例えば、年次有給休暇の日数が20日ある従業員の場合、20日(年次有給休暇) + 5日(子の看護休暇)= 合計25日の休暇日数となります。

子の看護休暇の取得単位

子の看護休暇の取得単位は、1日または1時間単位です。

時間単位の取得が可能となったのは2021(令和3年)1月1日からです。以前は1日または半日単位の取得が義務でした。

もちろん、1日単位、半日単位、時間単位の取得のすべてを会社として認めても構いませんが、時間単位の取得が可能な場合、あまり半日単位の取得のニーズはないでしょう。実際、勤務時間で午前と午後の時間が半々でない場合、半日単位の取得には以下のような工夫が必要になります。

  • 労使協定によって異なる時間数を半日と定める
  • 半々となるように時間調整を行う
  • 時間単位の取得を認める

子の看護休暇の時間単位の取得については、以下の記事で解説していますのでご参考ください。

関連:令和3年1月より⼦の看護休暇・介護休暇は時間単位でも取得可能

子の看護休暇中の賃金

育児休業と同様、会社は、子の看護休暇を取得する従業員に対して賃金を支払う義務はありません

もちろん、有給でも構いませんが、中小企業に限らず大企業でも賃金なしという会社が多い印象です。
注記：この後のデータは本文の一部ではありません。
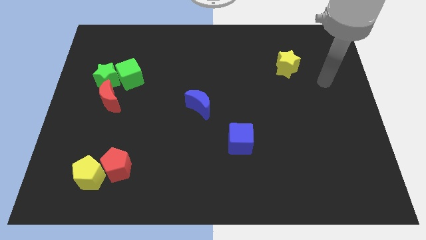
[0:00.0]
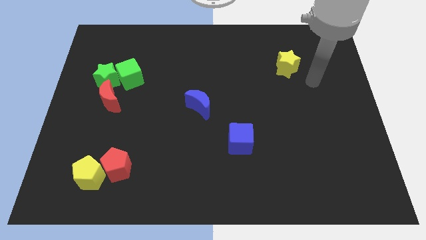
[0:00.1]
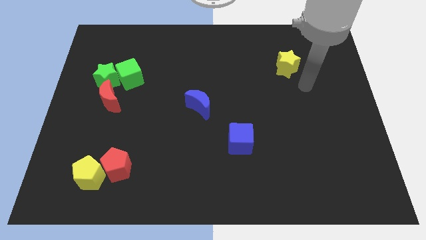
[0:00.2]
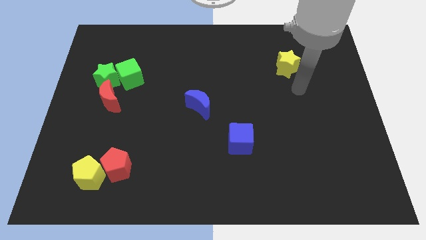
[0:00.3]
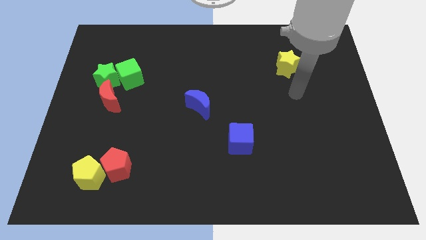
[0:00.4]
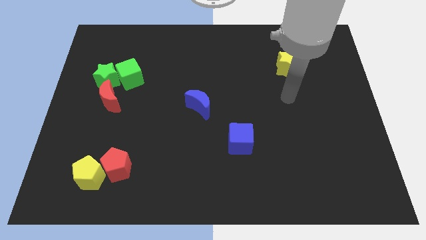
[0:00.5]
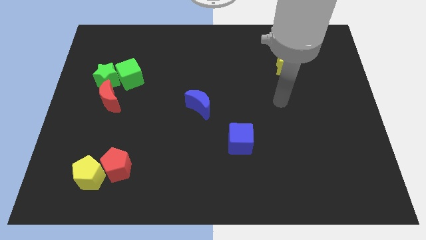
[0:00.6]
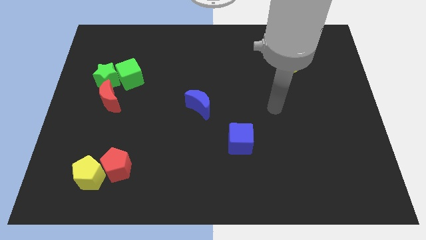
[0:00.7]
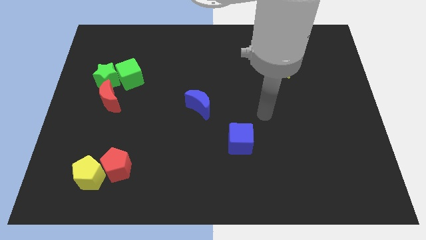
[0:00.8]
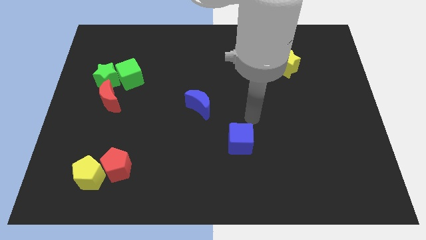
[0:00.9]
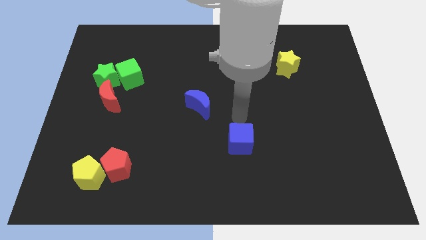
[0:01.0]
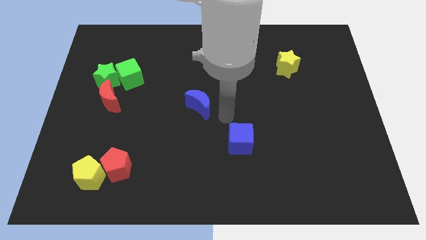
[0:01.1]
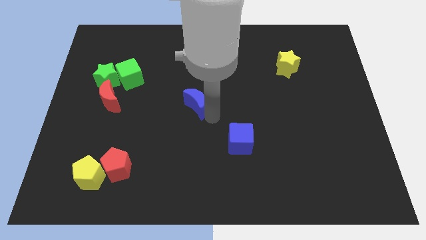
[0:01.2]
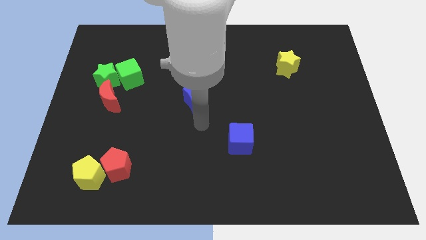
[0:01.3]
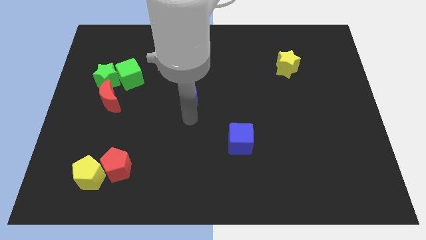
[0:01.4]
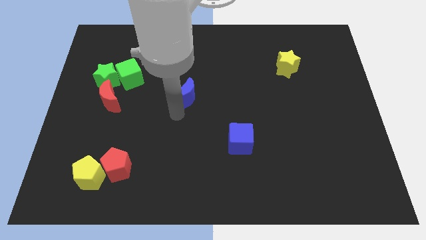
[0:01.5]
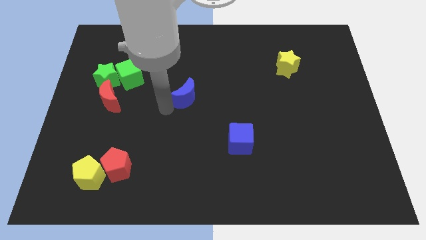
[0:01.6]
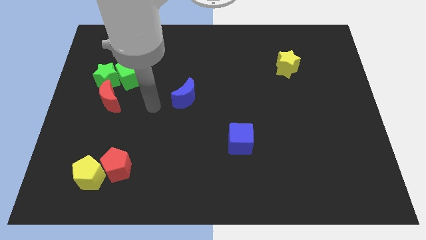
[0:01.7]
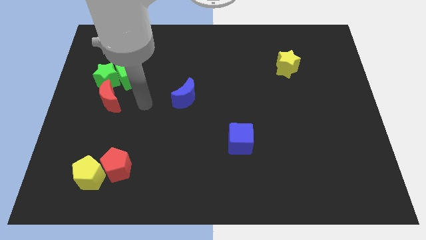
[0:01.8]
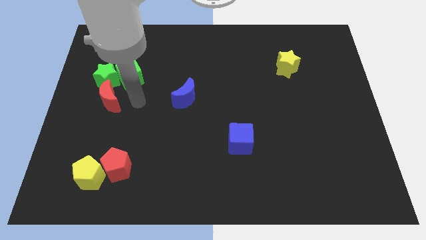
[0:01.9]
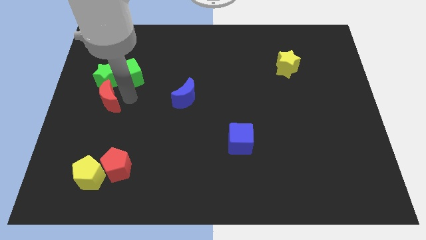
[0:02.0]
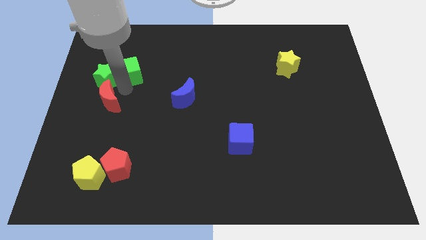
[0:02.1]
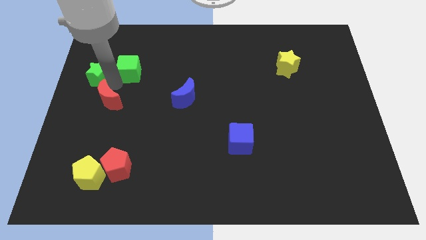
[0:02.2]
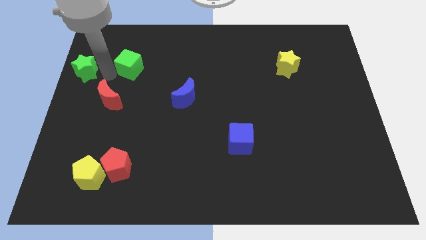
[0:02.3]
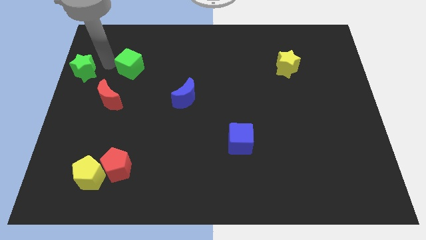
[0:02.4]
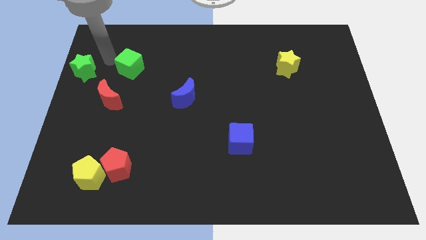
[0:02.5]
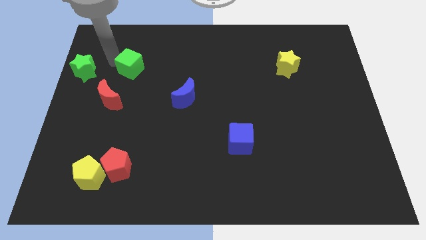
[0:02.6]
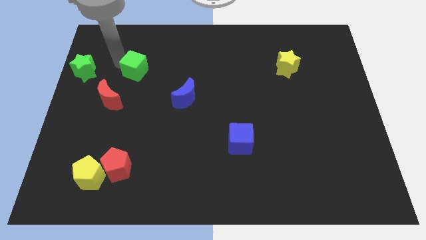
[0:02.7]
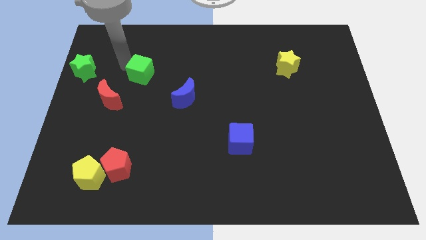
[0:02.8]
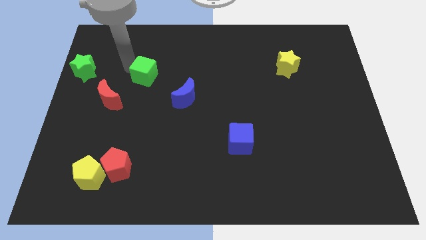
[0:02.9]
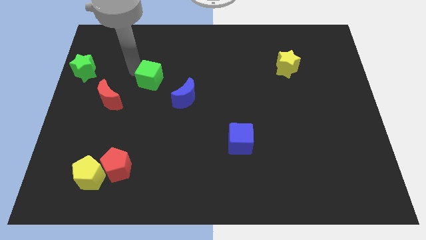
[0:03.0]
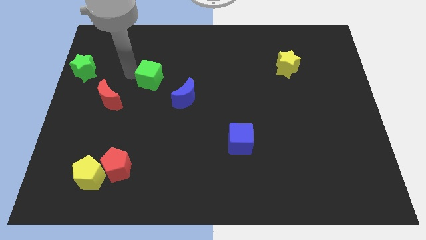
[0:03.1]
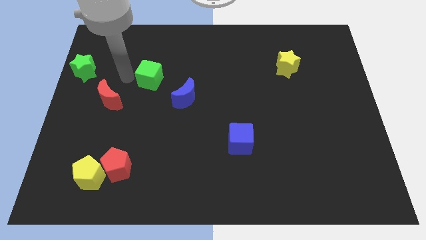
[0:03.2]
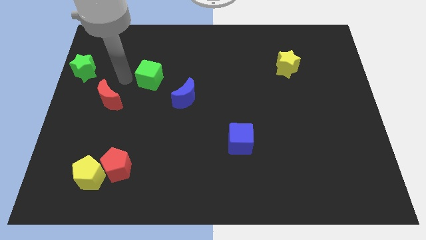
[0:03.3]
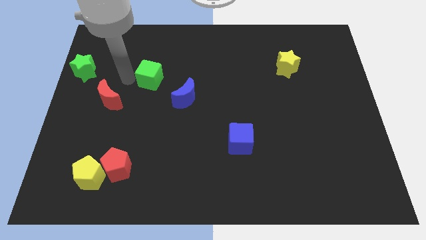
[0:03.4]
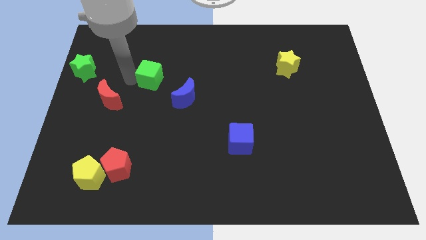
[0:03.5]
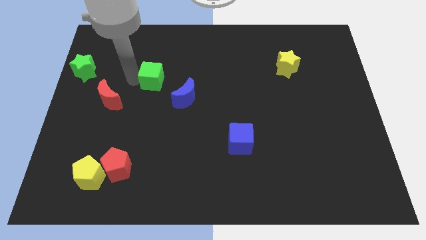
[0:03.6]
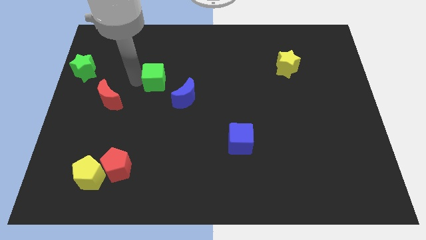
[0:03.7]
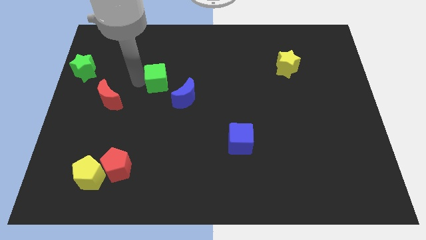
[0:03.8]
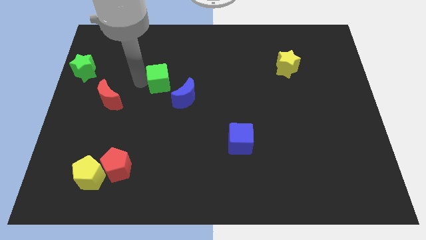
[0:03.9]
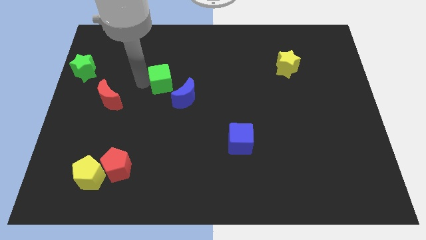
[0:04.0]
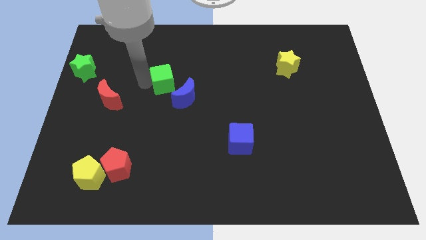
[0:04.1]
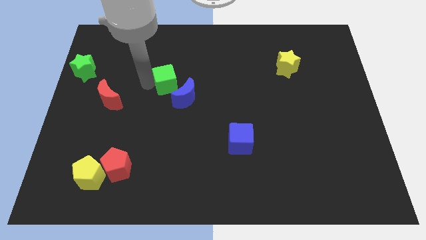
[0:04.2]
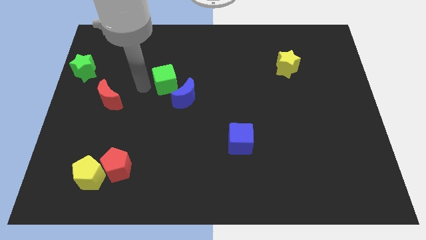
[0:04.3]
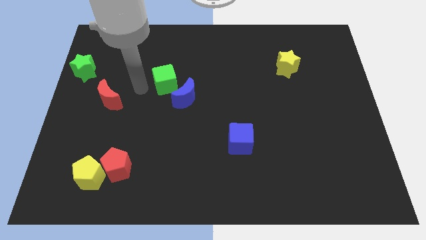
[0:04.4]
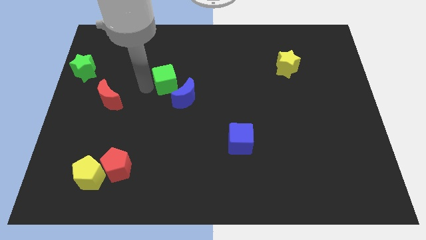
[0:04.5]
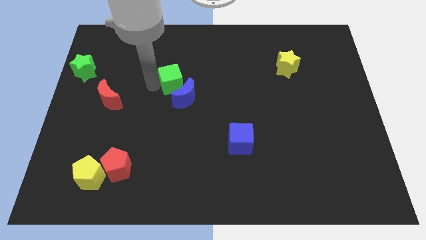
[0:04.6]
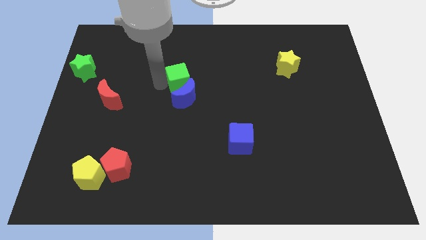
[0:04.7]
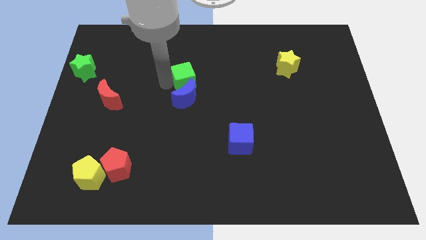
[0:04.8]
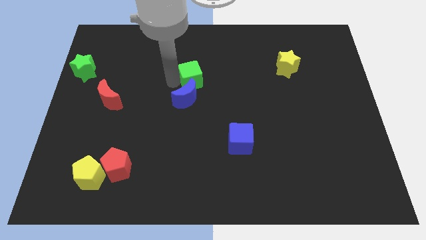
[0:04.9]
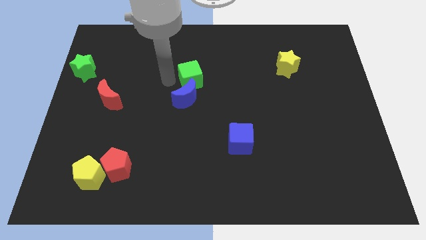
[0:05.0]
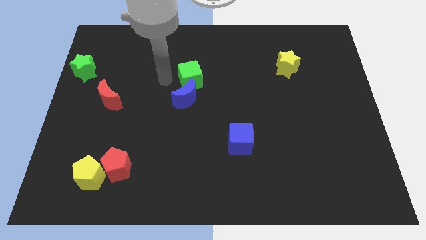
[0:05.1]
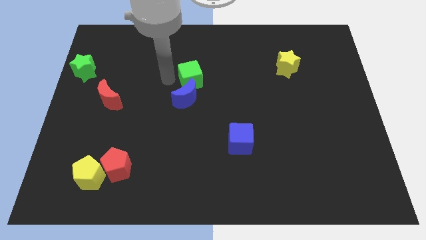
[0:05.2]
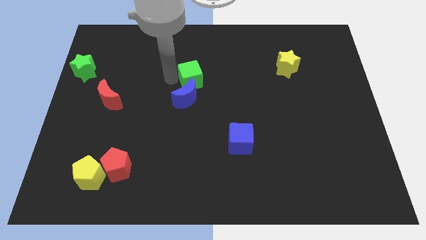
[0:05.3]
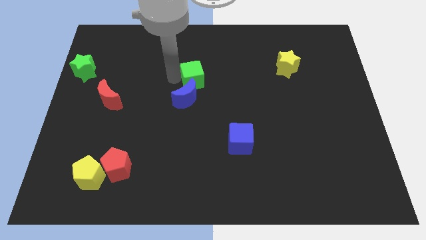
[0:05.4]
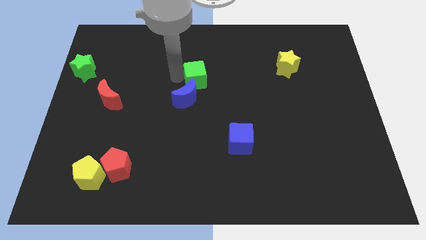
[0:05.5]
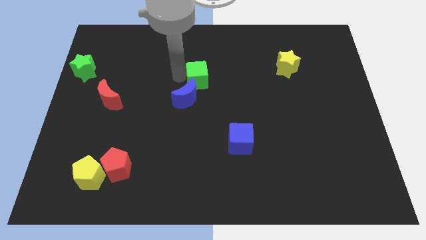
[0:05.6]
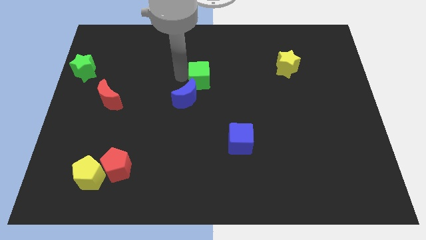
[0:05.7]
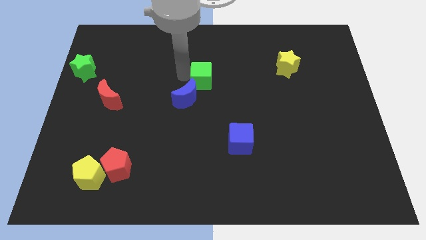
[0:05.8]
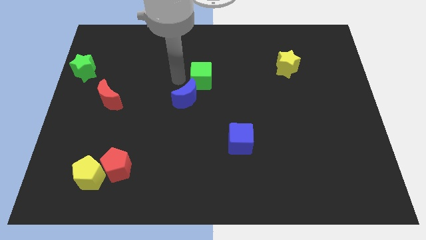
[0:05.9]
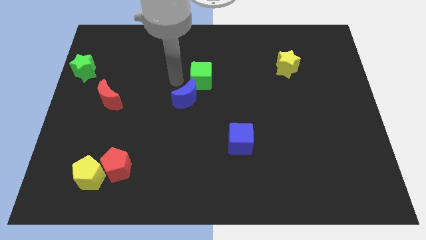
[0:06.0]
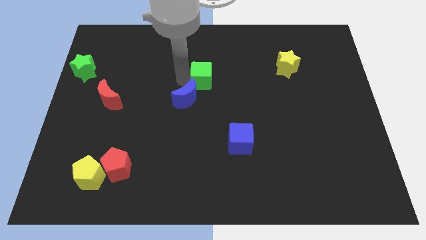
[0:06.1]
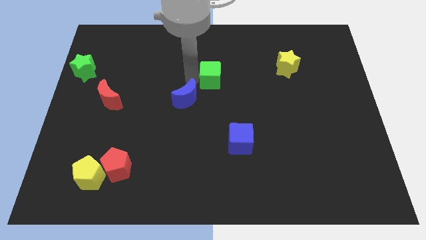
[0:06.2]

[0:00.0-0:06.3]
slide the green cube right

無給にすると、従業員は「子の看護休暇」ではなく「年次有給休暇」を利用したいという要望があるかもしれませんが、どちらを利用するかは従業員に任せましょう。

ただし、有給・無給は会社の裁量次第ですが、後々のトラブルを防ぐために、就業規則にきちんと規定しておくことが大事です

なお、子の看護休暇を取得した従業員に対して、賞与、昇給等で不利益な算定を行うことは禁止されています(育児・介護休業法第16条の4)。

まとめ

当事務所で従業員に対して就業規則の説明を行うと、最も多く質問を受けるのが休暇・休業制度です。

休暇は就業規則の絶対的必要記載事項であり、指針でも、子の看護休暇制度について就業規則に規定することが求められています。実務的には、多くの会社が、就業規則と別に育児・介護休業規程を整備しているはずです。

従業員の関心が高い内容であり、法律に沿った運用をしておかなければ違反になるため、この機会に、就業規則と育児・介護休業規程をきちんと見直しておきましょう。